If the events of the past three weeks shape President Obama’s foreign policy legacy, it likely will be as a painfully reluctant warrior and an accidental diplomat.
Both of the president’s dual approaches on Syria — seeking congressional authorization for a military strike while pursuing a U.N. deal to avoid an attack — carry the risk of weakening his presidency, analysts say.
If the U.N. proposal fails, Mr. Obama will be left with a Congress that appears disinclined to authorize military force against Syria. That brings to mind the assessment of former President Bill Clinton in June of the dilemma facing Mr. Obama if he does nothing:
“You look like a total wuss, and you would be.”
In the near future, indecision on Syria, or a rejection by Congress of the administration’s proposed strikes, could erode the White House’s credibility and have ripple effects for other major policy aims, including immigration reform and fiscal issues, said Lara Brown, director of the political management program at George Washington University.
“That’s really the president’s problem,” she said. “Does he speak for the American people anymore? Can he rouse the Congress to follow his lead? Those are big questions for him.”
If the Syrian civil war continues and Mr. Assad continues to kill his own people and stir unrest in the broader Middle East, Mr. Obama may look back and wish he had acted more strongly despite opposition from the American people and from Congress.
Mr. Obama hasn’t said whether he would order a missile strike without congressional approval, but the lesson of Rwanda clearly has been on his mind.
In 1994, while Mr. Clinton was president, a genocide took place in the central African nation. Over a period of 100 days, ethnic Hutus slaughtered Tutsis. About 800,000 people were killed.
Samantha Power, Mr. Obama’s ambassador to the United Nations, wrote in 2001 that Mr. Clinton “had shown virtually no interest in stopping the genocide.” Mr. Clinton later said it was among his greatest regrets as president.
Last week, Mr. Obama raised the Rwandan genocide while discussing Syria.

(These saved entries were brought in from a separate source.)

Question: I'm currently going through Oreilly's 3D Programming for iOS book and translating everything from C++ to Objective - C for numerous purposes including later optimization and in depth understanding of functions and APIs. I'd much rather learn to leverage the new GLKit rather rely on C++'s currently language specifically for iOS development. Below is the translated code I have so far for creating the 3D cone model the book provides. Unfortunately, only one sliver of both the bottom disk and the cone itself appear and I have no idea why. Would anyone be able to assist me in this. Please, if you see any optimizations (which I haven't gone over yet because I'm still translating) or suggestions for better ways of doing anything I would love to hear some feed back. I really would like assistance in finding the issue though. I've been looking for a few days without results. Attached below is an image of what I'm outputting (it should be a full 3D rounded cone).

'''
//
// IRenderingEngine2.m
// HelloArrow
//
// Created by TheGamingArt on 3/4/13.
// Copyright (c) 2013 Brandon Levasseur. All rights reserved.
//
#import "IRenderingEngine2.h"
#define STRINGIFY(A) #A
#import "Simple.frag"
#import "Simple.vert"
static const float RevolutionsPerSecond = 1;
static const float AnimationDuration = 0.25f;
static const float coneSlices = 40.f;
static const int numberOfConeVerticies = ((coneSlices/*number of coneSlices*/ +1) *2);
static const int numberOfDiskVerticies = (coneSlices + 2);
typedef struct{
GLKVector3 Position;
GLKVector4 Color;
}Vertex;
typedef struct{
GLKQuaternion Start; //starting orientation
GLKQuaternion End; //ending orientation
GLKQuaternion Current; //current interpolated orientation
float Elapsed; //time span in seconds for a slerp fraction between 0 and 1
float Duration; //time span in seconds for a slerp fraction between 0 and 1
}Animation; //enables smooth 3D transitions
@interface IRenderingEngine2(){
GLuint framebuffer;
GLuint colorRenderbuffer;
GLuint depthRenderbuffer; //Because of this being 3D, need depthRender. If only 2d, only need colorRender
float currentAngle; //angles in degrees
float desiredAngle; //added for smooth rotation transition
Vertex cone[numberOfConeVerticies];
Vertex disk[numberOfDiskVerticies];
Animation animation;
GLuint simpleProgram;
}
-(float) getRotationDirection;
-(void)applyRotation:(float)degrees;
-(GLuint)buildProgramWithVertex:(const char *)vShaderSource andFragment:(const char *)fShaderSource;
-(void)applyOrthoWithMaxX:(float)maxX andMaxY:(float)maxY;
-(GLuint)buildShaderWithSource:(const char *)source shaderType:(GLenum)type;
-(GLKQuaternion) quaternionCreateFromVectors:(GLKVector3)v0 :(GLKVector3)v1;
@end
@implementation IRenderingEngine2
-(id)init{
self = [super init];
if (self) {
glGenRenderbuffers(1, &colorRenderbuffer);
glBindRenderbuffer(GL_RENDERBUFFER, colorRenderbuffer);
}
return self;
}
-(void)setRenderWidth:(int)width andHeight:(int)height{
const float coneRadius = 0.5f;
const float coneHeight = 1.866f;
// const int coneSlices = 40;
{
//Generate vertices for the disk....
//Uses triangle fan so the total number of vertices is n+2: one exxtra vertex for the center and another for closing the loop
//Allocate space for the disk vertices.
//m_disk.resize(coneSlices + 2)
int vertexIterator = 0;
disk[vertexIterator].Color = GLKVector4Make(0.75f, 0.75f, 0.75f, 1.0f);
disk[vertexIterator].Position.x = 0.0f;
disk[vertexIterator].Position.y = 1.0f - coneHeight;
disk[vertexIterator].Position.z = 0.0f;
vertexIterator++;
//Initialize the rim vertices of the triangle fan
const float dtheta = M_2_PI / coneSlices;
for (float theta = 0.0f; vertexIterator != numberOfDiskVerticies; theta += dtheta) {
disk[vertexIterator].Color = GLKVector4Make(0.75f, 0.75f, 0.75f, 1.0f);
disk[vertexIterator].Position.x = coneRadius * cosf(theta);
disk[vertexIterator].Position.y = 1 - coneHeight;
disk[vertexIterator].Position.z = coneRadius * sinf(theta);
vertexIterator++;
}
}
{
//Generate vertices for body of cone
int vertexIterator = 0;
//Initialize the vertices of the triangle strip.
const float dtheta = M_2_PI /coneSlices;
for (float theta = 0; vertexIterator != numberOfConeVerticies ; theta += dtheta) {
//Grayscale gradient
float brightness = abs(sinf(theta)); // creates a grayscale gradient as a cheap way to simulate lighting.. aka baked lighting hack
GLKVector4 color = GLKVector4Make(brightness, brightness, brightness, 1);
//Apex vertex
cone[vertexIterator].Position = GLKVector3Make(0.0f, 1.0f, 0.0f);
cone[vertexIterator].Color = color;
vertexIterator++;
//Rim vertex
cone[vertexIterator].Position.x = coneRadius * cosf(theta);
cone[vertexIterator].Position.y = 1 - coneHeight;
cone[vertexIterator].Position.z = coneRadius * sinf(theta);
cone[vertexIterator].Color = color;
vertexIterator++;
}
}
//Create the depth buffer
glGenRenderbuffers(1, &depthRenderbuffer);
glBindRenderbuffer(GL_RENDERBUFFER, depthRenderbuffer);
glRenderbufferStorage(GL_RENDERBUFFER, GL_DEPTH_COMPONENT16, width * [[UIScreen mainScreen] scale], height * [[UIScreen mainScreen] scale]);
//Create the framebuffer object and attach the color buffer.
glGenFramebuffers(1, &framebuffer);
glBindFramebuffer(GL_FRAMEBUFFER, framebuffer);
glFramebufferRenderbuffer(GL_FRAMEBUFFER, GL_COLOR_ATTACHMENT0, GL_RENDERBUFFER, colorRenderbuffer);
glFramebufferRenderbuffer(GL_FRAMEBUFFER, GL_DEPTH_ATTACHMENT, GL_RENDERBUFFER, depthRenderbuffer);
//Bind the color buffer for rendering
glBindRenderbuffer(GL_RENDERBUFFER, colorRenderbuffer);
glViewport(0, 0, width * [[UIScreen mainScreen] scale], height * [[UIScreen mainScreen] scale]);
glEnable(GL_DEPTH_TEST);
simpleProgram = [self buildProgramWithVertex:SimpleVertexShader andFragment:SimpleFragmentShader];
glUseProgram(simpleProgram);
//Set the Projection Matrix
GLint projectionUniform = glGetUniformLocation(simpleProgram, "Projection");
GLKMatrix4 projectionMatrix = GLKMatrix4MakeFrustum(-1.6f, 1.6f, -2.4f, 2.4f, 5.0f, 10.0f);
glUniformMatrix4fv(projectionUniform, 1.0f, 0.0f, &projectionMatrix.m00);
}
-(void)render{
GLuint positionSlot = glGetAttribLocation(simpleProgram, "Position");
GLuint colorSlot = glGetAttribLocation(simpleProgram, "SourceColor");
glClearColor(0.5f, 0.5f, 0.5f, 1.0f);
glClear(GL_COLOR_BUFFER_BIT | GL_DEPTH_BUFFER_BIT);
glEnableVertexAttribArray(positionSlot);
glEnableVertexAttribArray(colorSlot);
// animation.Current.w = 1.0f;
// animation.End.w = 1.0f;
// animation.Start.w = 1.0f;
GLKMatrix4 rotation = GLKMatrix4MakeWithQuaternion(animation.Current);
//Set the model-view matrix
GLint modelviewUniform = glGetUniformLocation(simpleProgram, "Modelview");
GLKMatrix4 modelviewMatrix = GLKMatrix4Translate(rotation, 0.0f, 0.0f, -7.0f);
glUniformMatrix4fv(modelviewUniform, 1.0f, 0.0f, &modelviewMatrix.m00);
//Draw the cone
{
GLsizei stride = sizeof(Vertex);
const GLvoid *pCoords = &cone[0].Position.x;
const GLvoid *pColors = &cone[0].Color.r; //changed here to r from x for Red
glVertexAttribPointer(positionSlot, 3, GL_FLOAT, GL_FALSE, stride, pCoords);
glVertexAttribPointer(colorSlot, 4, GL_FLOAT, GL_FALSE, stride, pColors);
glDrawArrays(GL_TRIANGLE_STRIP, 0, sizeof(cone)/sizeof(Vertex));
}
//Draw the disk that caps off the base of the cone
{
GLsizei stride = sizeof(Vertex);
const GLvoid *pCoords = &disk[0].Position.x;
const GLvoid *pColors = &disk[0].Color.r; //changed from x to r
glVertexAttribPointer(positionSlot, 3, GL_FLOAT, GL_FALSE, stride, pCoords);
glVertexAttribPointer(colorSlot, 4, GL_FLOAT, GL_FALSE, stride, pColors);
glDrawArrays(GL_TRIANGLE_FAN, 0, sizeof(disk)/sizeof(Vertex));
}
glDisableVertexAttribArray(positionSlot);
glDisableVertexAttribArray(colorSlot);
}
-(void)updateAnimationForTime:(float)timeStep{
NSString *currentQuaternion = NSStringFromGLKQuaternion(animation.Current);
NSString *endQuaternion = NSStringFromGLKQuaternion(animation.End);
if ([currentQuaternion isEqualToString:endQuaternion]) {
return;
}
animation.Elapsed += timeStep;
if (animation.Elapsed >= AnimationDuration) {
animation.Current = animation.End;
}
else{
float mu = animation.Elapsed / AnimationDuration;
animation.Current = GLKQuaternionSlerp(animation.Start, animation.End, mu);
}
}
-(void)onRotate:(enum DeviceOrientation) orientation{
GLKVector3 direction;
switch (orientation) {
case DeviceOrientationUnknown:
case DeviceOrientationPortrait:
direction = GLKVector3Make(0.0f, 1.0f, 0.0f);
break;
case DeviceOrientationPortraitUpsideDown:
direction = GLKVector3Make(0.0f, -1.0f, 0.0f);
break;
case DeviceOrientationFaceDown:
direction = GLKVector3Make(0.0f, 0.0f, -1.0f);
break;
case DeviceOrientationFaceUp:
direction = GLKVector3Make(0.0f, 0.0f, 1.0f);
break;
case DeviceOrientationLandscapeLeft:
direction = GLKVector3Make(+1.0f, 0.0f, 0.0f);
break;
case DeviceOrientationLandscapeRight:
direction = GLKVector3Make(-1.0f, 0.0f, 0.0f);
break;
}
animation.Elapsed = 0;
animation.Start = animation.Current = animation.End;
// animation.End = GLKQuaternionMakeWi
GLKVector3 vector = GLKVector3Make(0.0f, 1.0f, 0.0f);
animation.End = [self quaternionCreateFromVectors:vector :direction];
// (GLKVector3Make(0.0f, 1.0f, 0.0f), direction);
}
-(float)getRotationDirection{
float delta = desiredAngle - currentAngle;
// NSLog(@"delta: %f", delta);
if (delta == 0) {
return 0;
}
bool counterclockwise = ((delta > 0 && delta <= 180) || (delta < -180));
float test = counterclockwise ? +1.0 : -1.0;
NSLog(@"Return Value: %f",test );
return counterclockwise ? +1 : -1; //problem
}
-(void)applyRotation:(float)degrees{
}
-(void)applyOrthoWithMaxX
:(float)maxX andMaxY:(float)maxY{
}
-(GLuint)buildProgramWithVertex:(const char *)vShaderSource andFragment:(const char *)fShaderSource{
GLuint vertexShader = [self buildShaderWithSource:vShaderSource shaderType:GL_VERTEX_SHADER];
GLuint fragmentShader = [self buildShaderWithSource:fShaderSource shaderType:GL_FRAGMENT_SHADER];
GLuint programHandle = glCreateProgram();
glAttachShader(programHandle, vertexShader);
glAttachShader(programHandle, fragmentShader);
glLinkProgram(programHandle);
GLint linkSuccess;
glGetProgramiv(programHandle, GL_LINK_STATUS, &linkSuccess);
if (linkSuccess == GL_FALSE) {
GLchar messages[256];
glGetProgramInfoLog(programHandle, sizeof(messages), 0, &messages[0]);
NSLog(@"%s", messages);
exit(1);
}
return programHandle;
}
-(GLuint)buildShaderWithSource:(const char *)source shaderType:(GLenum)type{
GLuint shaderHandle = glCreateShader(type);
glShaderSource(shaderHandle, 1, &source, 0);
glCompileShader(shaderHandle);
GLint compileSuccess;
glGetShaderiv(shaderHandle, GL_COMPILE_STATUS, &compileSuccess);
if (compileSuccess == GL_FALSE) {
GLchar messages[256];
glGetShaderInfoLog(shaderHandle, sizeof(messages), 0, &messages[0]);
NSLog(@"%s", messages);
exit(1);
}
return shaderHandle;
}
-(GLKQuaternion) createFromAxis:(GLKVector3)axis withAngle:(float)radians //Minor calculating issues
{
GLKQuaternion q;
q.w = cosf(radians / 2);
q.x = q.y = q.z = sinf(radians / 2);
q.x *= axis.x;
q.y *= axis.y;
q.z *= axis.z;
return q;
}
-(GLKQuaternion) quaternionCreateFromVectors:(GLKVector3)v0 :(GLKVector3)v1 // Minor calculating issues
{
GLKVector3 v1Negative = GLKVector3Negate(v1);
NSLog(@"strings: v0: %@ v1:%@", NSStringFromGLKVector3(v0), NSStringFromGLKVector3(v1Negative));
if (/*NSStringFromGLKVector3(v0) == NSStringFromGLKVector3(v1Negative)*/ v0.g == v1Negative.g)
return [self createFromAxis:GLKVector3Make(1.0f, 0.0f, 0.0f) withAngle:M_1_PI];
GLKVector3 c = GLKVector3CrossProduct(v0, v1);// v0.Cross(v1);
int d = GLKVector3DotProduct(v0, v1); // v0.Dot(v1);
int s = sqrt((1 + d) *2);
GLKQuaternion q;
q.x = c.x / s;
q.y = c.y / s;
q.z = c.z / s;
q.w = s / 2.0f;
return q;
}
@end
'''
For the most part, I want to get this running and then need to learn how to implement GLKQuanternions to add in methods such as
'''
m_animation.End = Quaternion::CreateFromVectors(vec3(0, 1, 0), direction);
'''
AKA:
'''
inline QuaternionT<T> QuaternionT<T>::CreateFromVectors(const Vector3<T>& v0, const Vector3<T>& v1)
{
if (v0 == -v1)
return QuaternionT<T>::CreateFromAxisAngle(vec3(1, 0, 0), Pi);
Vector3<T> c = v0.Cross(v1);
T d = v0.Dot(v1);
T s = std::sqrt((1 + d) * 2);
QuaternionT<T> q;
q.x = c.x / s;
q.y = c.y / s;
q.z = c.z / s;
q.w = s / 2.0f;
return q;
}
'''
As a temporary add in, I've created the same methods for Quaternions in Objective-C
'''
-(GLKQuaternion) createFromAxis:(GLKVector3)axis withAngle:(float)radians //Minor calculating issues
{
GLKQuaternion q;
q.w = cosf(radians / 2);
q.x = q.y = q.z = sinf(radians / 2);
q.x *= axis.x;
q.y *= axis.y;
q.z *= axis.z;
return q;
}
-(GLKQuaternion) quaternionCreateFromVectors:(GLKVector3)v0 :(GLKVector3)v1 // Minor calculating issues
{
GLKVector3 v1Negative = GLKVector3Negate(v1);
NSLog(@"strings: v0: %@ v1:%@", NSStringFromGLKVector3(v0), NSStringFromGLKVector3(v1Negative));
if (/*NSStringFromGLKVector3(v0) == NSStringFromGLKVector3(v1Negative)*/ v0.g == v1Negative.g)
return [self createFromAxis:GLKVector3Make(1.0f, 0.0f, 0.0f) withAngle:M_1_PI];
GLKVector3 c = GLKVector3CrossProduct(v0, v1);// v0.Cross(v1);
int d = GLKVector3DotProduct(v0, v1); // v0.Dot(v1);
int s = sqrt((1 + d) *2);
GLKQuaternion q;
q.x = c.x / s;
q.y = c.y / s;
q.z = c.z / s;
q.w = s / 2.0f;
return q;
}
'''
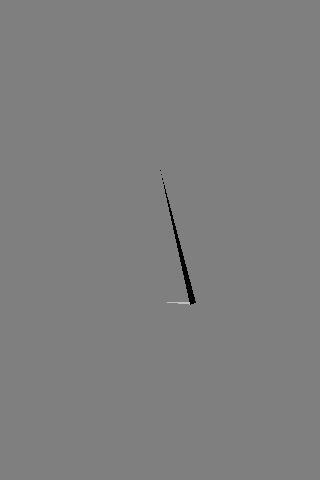
Answer: Seems I didn't realize the the Pi function in the cmath was const float Pi = 4 * std::stan(1.0f). All I had to do was recalculate to const float dtheta = (M_PI * 2) / coneSlices; and voila. I would like any suggestions on improvements though.

“People who decry international inaction in Rwanda and say, ‘How terrible it is that there are these human rights violations that take place around the world, and why aren’t we doing something about it?’” he said. “And they always look to the United States. ‘Why isn’t the United States doing something about this, the most powerful nation on earth? Why are you allowing these terrible things to happen?’”
Incoherent foreign policy
Rwanda is one of the “moral strings that the administration can pull,” said Brett Schaefer, a foreign policy analyst at the conservative Heritage Foundation. But Mr. Schaefer said the president’s decisions to seek congressional approval and then to pursue a belated course of action at the United Nations are evidence that he has lacked a consistent policy on Syria ever since he said the use of chemical weapons would cross a “red line” requiring tougher U.S. action.
“I am utterly convinced that there is no coherent strategy at all in the administration’s approach to Syria,” Mr. Schaefer said. “The administration felt painted into a corner by the president’s ‘red line’ comments a year ago. They felt that their credibility was on the line and thus they had to do something about it. But ultimately the president did not want to take action, and therefore he kicked the ball over to Congress. And then Secretary Kerry’s impromptu remarks were subsequently seized by the Russians and the Syrians. [They have] taken the initiative completely away from the administration. They’re along for the ride at this point.”
The president and his top aides have said Russia and Syria would not have agreed to discuss a deal without the threat of U.S. military force.
“Does anybody really believe that deploying the same approaches we have tried for the last year will suddenly be effective?” she said.
“It is possible that Assad could give up those weapons and perhaps it could heal some of the rifts that have occurred with Russia lately,” she said. “If we’re all the sudden siding with Russia and this becomes a bridge through which we could work, there’s a possibility it could be in [Obama’s] favor” from a historical point of view.